Клавиго. Я маленький человек, Карлос.
Карлос. Маленьким человеком может себя назвать лишь тот, кого обстоятельства заводят в тупик и берут верх над ним. Еще мгновенье, и ты опять станешь самим собою. Отринь остатки этой жалкой страсти, она теперь тебе так же не к лицу, как смиренный вид и серая курточка, в которой ты явился в столицу Испании. За то, что сделала для тебя эта девочка, ты уже давно с лихвою заплатил ей. А хороший прием, который она тебе оказала, — о, любая другая, ради удовольствия общаться с тобою, сделала бы то же самое или даже больше без всяких на тебя притязаний. Скажи, разве придет тебе на ум отдать школьному учителю половину твоего состояния за то, что тридцать лет тому назад он обучил тебя азбуке? Ну, Клавиго…
Клавиго. Все это так, в общем, ты, наверно, прав — будь по-твоему. Но как выпутаться из сетей, в которые я угодил? Помоги мне, дай добрый совет, а потом уж говори.
Карлос. Хорошо! Значит, ты этого хочешь?
Клавиго. Сделай так, чтобы это было возможно, тогда я захочу. Я ничего не в состоянии придумать, придумай ты за меня.
Карлос. Идет. Сначала ты встретишься с этим господином не у него и не у себя дома. Затем со шпагой в руке потребуешь обратно свое признание, подписанное тобой необдуманно и по принуждению.
Клавиго.
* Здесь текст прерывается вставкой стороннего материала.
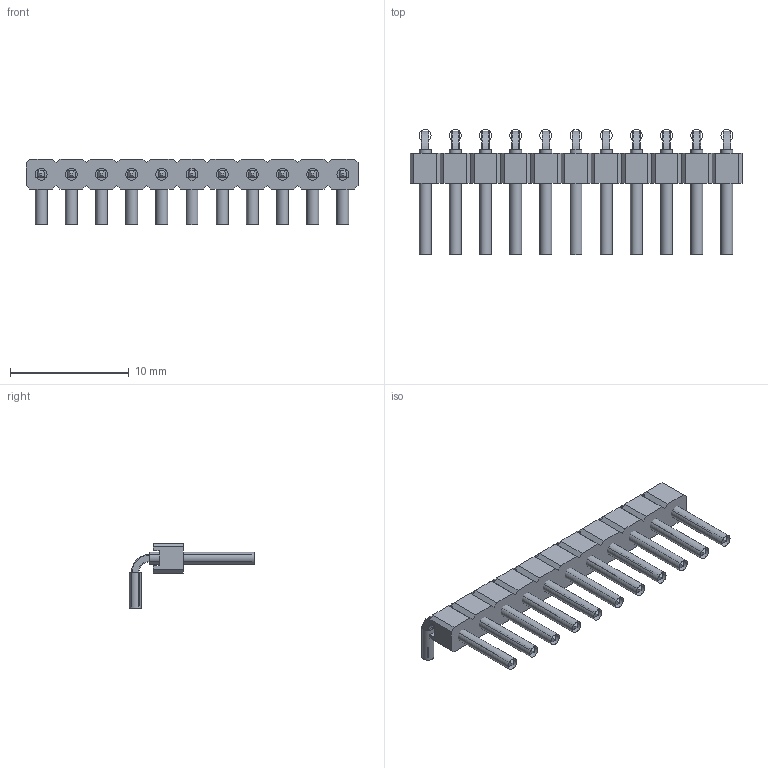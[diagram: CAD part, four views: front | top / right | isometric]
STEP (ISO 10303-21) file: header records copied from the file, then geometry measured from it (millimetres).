
FILE_DESCRIPTION(/* description */ ('-'),/* implementation_level */ '2;1');
FILE_NAME(/* name */ 'Stiftleiste, RM 2,54 mm - 6-3 mm, gewinkelt 90° stehend - 1 x 11 - schwarz',/* time_stamp */ '2022-04-28T23:26:51+02:00',/* author */ ('c.wilms'),/* organization */ ('-'),/* preprocessor_version */ 'ST-DEVELOPER v16.7',/* originating_system */ 'Solid Edge',/* authorisation */ 'Unknown');
FILE_SCHEMA (('AUTOMOTIVE_DESIGN {1 0 10303 214 3 1 1}'));
Length unit declared in the file: millimetre
Products named in the file (3): Stiftleiste, RM 2,54 mm - 6-3 mm, gewinkelt 90° stehend - 1 x 11 - sc
hwarz; Stiftleiste, RM 2,54 mm - Träger - 1 x 11 - schwarz; Stiftleiste, RM 2,54 mm - Stift, Reihe 1 -  6-3 mm, gewinkelt 90° ste
hend
Assembly tree (12 placements, depth 2):
  Stiftleiste, RM 2,54 mm - 6-3 mm, gewinkelt 90° stehend - 1 x 11 - sc
hwarz
    Stiftleiste, RM 2,54 mm - Träger - 1 x 11 - schwarz
    Stiftleiste, RM 2,54 mm - Stift, Reihe 1 -  6-3 mm, gewinkelt 90° ste
hend  x11
Bounding box: 27.94 x 10.56 x 5.54 mm (x, y, z)
Volume: 208.4 mm3; surface area: 1164.3 mm2
Topology: 12 solids, 34 shells, 514 faces, 1382 edges, 892 vertices
Faces by surface type: plane 294, cylinder 176, torus 44
Full cylindrical faces by diameter (mm): 1 x22
Entity records: 6573 total; most frequent: CARTESIAN_POINT 1139, ORIENTED_EDGE 1116, DIRECTION 1098, EDGE_CURVE 560, LINE 436, VECTOR 436, VERTEX_POINT 372, AXIS2_PLACEMENT_3D 331

Оно у меня. Он его разорвал, а клочки вручил мне.
Карлос. Превосходно! Просто превосходно! Первый шаг, следовательно, уже сделан, а ты заставляешь меня понапрасну тратить слова. Но короче! Ты спокойно пишешь ему, что жениться на его сестре тебе нежелательно; причину ты ему откроешь, если он сегодня ночью, в сопровождении одного из своих друзей и при оружии — выбор такового целиком предоставляется ему — прибудет в указанное тобою место. И подпись. Садись, Клавиго, пиши. Я буду твоим секундантом, и если он не дьявол во плоти…
Клавиго идет к столу.
Постой! Еще одно словечко! По зрелом размышлении такой вариант кажется мне наивным. Кто мы, чтобы связываться с оголтелым авантюристом? Его поведение и сословная принадлежность не дают нам оснований считать его ровней. Итак, слушай! Я хочу возбудить против него уголовное преследование за то, что он, тайно пробравшись в Мадрид, явился к тебе под чужим именем вместе со своим клевретом, втерся в доверие дружелюбной беседой, засим внезапно на тебя набросился, вынудил у тебя письменное признание, каковое и унес с собой, чтобы его распространить. Поверь, на этом он сломит себе шею и узнает, что значит среди бела дня напасть на испанца.